The good news he brings is that, should the aliens arrive, they probably won’t be taking over our lease. “In order to colonize a habitable planet, the aliens would first have to destroy all life on it, down to the last microbe,” he suggests. “Better to stay at home, for a few more billion years anyway.”

The book to read, to get the full story on Mr. Wilson’s eventful life, is his memoir “Naturalist,” published in 1994. But he tells good stories about himself in his new book.

When the Pulitzer Prize in nonfiction went to Carl Sagan in 1978, he says, “I dismissed it as a minor achievement for a scientist, scarcely worth listing.” Yet when Mr. Wilson won the same prize the following year, “it wondrously became a major literary award of which scientists should take special note.”

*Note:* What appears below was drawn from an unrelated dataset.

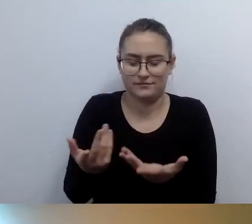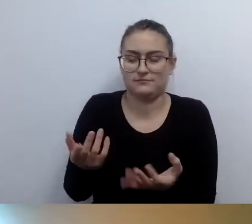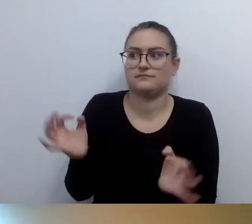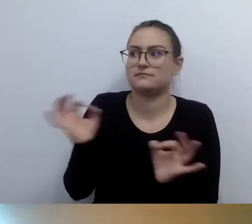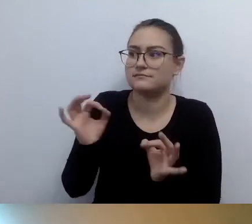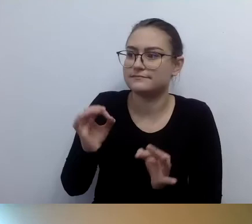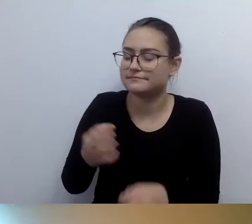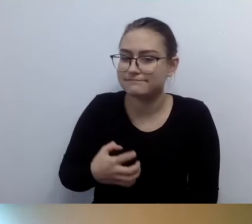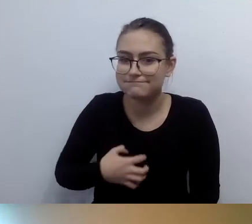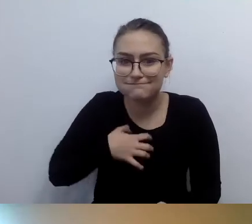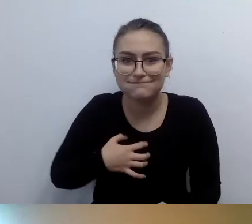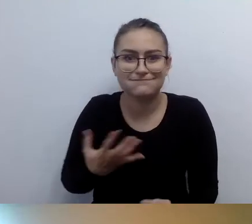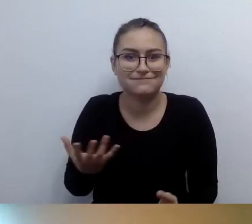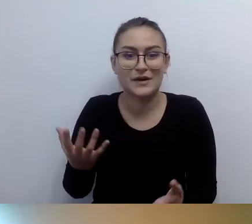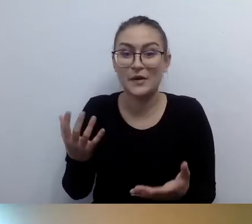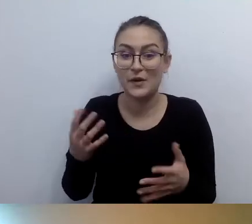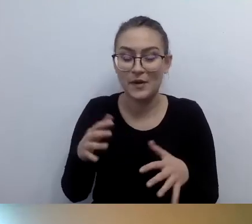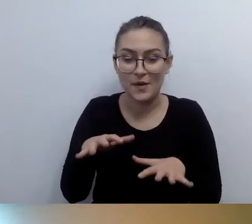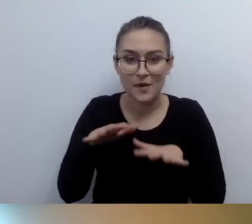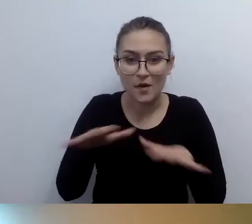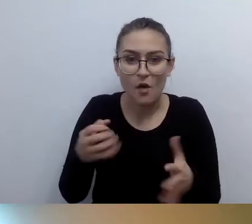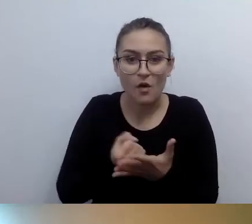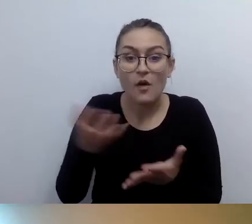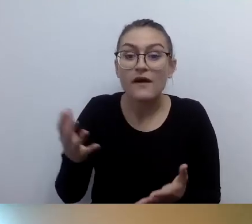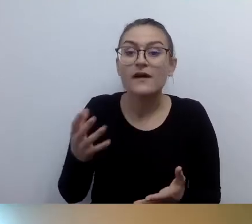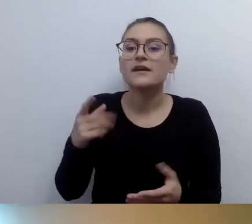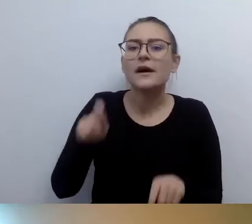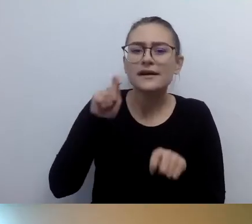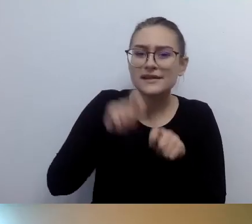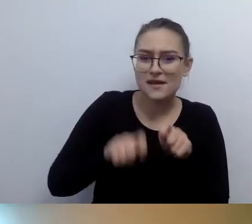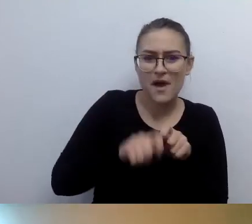Zupełnie poważnie. My z tym walczymy. My też instalujemy pętle.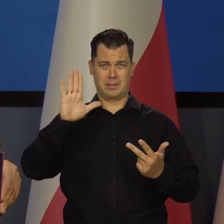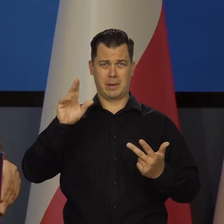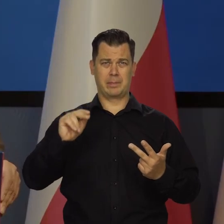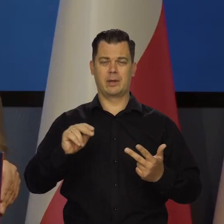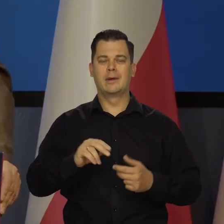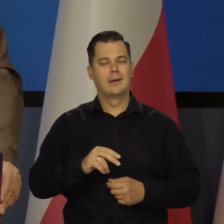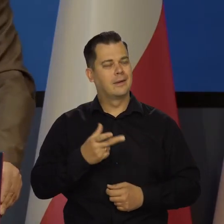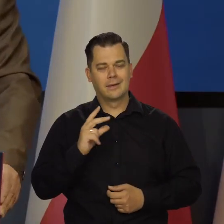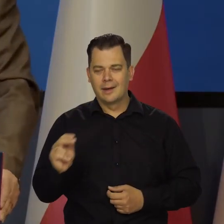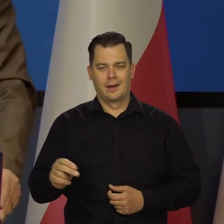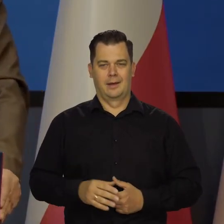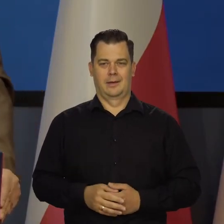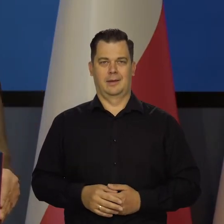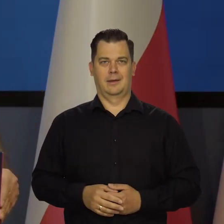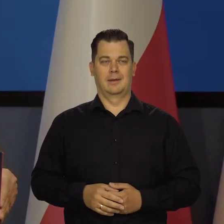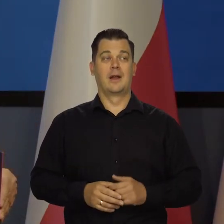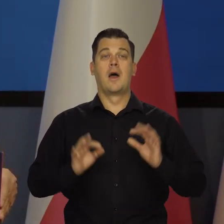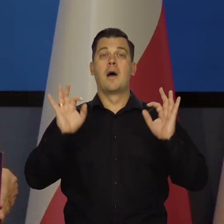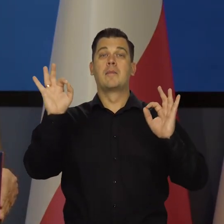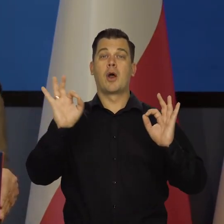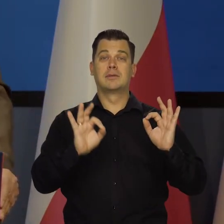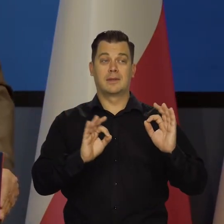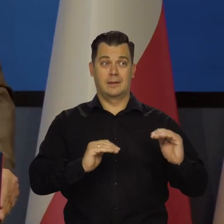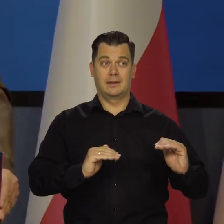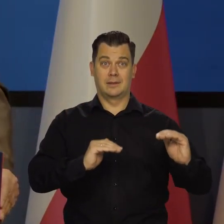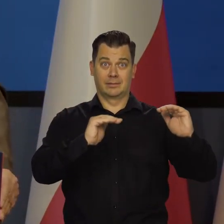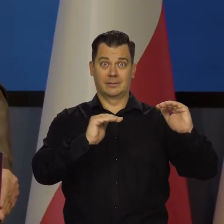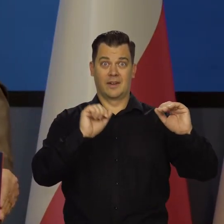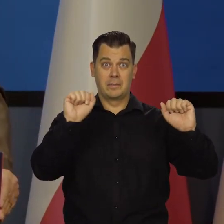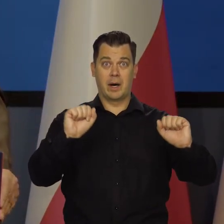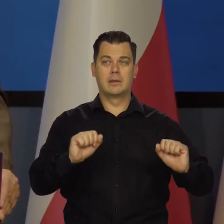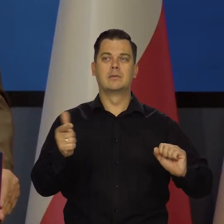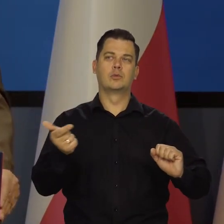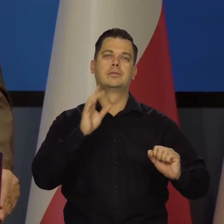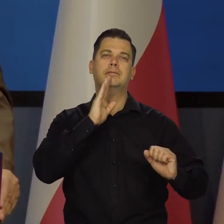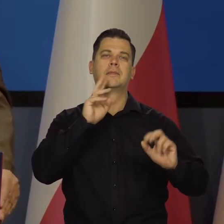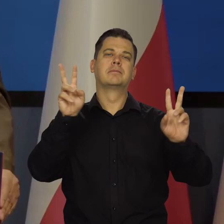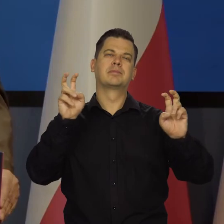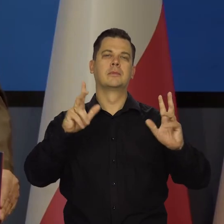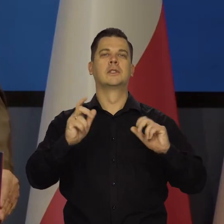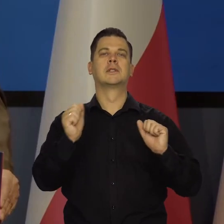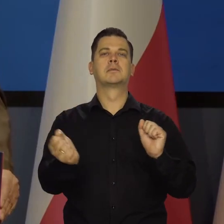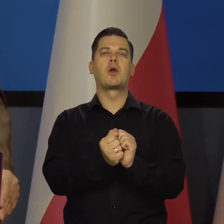My tylko podwyższamy stopy procentowe, żeby zamrozić nasze warunki wewnętrzne, tak powiem skrótowo

The point of this story is, in a way, the point of this entire book: “We are all genetic chimeras, at once saints and sinners, champions of the truth and hypocrites — not because humanity has failed to reach some foreordained religious or ideological ideal, but because of the way our species originated across millions of years of biological evolution.”

We may be sitting here on the left antenna of some aphid in Teaneck, in other words, but we are complicated as hell.